Union verdirbt Fodas Debüt
Kaiserslautern - Im ersten Pflichtspiel unter seinem neuen Trainer Franco Foda hat Absteiger 1. FC Kaiserslautern im Kampf um den direkten Wiederaufstieg einen Dämpfer hinnehmen müssen.
Die Pfälzer mussten sich nach verrückten 92 Minuten zum Saisonauftakt der Zweiten Liga gegen Union Berlin mit einem 3:3 (0:0) begnügen und und blieben damit ebenso wie die beiden anderen Bundesliga-Absteiger in der ersten Runde im Unterhaus ohne Sieg.
Hertha BSC (2:2 gegen Paderborn) und der 1. FC Köln (0:1 in Braunschweig) hatten zuvor ebenfalls einen erfolgreichen Saisonstart verpasst. (DATENCENTER: Ergebnisse und Tabelle)
Im ersten Montagsspiel der Saison 2012/13 erzielten Michael Parensen (47.), Patrick Zoundi (54.) und Marc Pfertzel (90.) die Treffer für die Gäste.
Mohamadou Idrissou (58., 72.) und Hendrick Zuck (86.) bei seinem Profidebüt hatten zwischenzeitlich den runderneuerten FCK, der seit zehn Monaten auf einen Heimsieg wartet, auf die Siegerstraße geschossen.
"Erst Sieger, dann mausetot"
"Erst waren wir auf Siegerstraße, dann waren wir mausetot.

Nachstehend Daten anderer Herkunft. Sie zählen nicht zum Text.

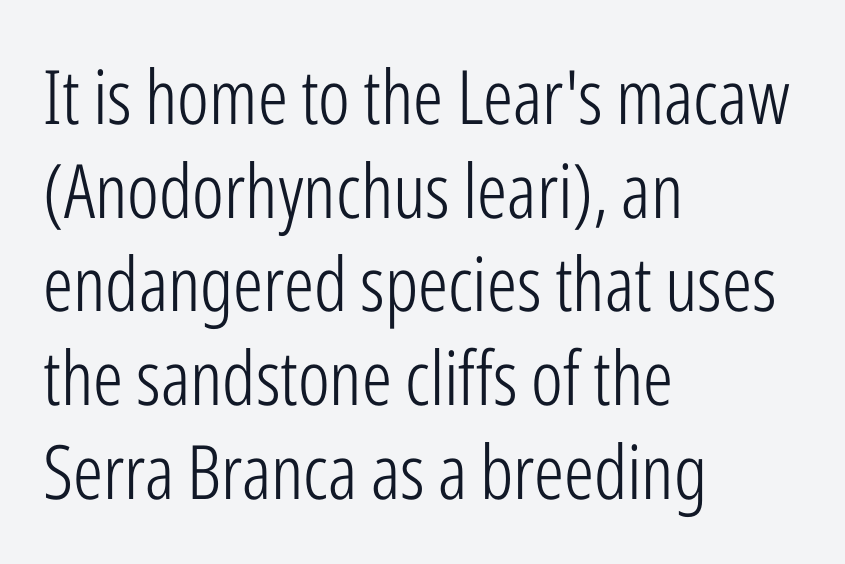
You could not count columns in this text — the font is proportionally spaced. Think standard paragraph weight, or any step lighter than that. This rendering features lettering with no underline. Honestly, the row spacing looks completely unremarkable.
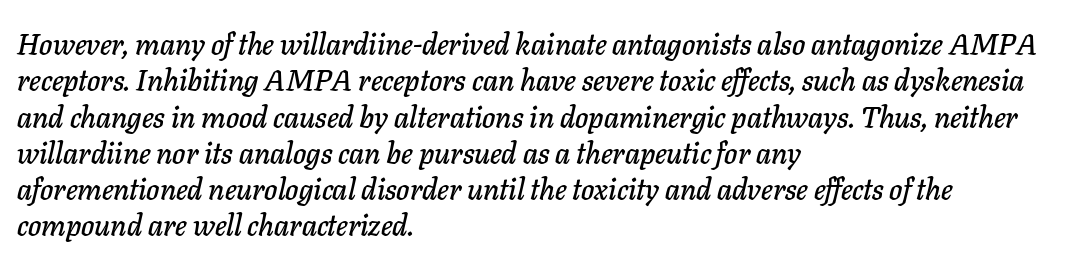
Look at the tracking — it's just the regular setting, nothing added. Is this a fixed-width face? No — the glyphs have proportional, varying widths. The zone under the glyphs is completely vacant. Does the copy run flush right? No — it runs flush left.
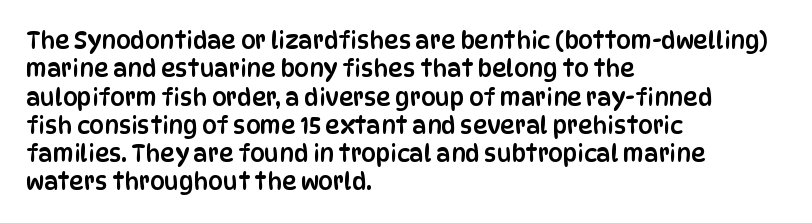
One-word summary of the alignment: left. These lines keep a tight, regular rhythm from letter to letter. Letters rest on an invisible, unmarked baseline. In terms of posture, this sample is upright.
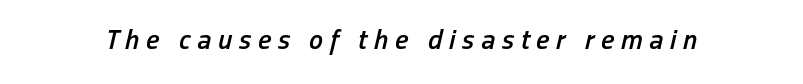
{"italic": "yes", "lean": "right", "slant_degrees": 13, "bold": "semi", "weight": "semibold", "width": "condensed", "stroke_contrast": "low", "x_height": "medium", "monospaced": "no", "underline": "no", "letter_spacing": "wide", "letter_spacing_em": 0.24, "glyph_px": 28}

Mit dem Ergebnis bin ich sicherlich zufrieden, auch wenn wir es nach dem 2:0 entscheiden hätten müssen", fasste Union-Trainer Uwe Neuhaus bei SPORT1 zusammen.
"Die erste Halbzeit haben wir total verschlafen. Aber nach der Pause hätten wir die drei Punkte holen müssen. Aber Fußball ist kein Wunschkonzert", sagte der zweifache Torschütze Idrissou, der nach dem Abpfiff nicht wusste, ob er sich freuen oder ärgern sollte.
Simunek fällt kurzfristig aus
Kurz vor dem Anpfiff musste der frühere FCK-Profi Foda seine Startelf noch einmal ändern, da sich Abwehrchef Jan Simunek beim Aufwärmen an der Wade verletzt hatte.
Für den Tschechen spielte Anthar Yahia. Im Angriff setzte der neue Lauterer Coach auf die Neuzugänge Albert Bunjaku und Idrissou, die vor 31.618 Zuschauern auf dem Betzenberg von Beginn einige gute Szenen hatten.
Bunjaku verpasst gute Chance
Der ehemalige Frankfurter Idrissou hatte in der 8. Minute auch die erste Möglichkeit für die Pfälzer, als er mit einem Schuss an Berlins neuem Torwart Daniel Haas scheiterte.
In der 17. Minute hätte der neue FCK-Kapitän Bunjaku die Hausherren in Führung bringen müssen, der frühere Nürnberger verfehlte aber aus aussichtsreicher Position.
Simon Terodde hatte in einer mäßigen ersten Hälfte kurz vor der Pause die erste Chance für die Gäste.
Parensen trifft nach der Pause
Nach der Pause wurde Kaiserslautern kalt erwischt. Parensen nutzte ein perfektes Zuspiel von Tijani Belaid und vollendete eiskalt zur Berliner Führung.
Zoundi nutzte dann nur sieben Minuten später einen weiteren Konter der Gäste zum 2:0.
Idrissou konnte sich anschließend über seinen ersten Treffer freuen, der allerdings irregulär war, da er vorher ein klares Foul begegangen hatte.
Pfertzel gleicht aus
Beim anschließenden Ausgleich war dann aber alles regulär.
"Wir haben nach dem 0:2 gut reagiert und gezeigt, dass wir Fußball spielen können", erklärte Foda.
Nach dem 3:2 durch Zuck wähnten sich die Hausherren dann sogar schon als Sieger, ehe Pfertzel noch einmal zuschlug.
"Ich freue mich sehr. Meine Familie aus Frankreich war heute hier", sagte Pfertzel bei SPORT1: "Ich bin zufrieden, auch wenn wir nur einen Punkt geholt haben."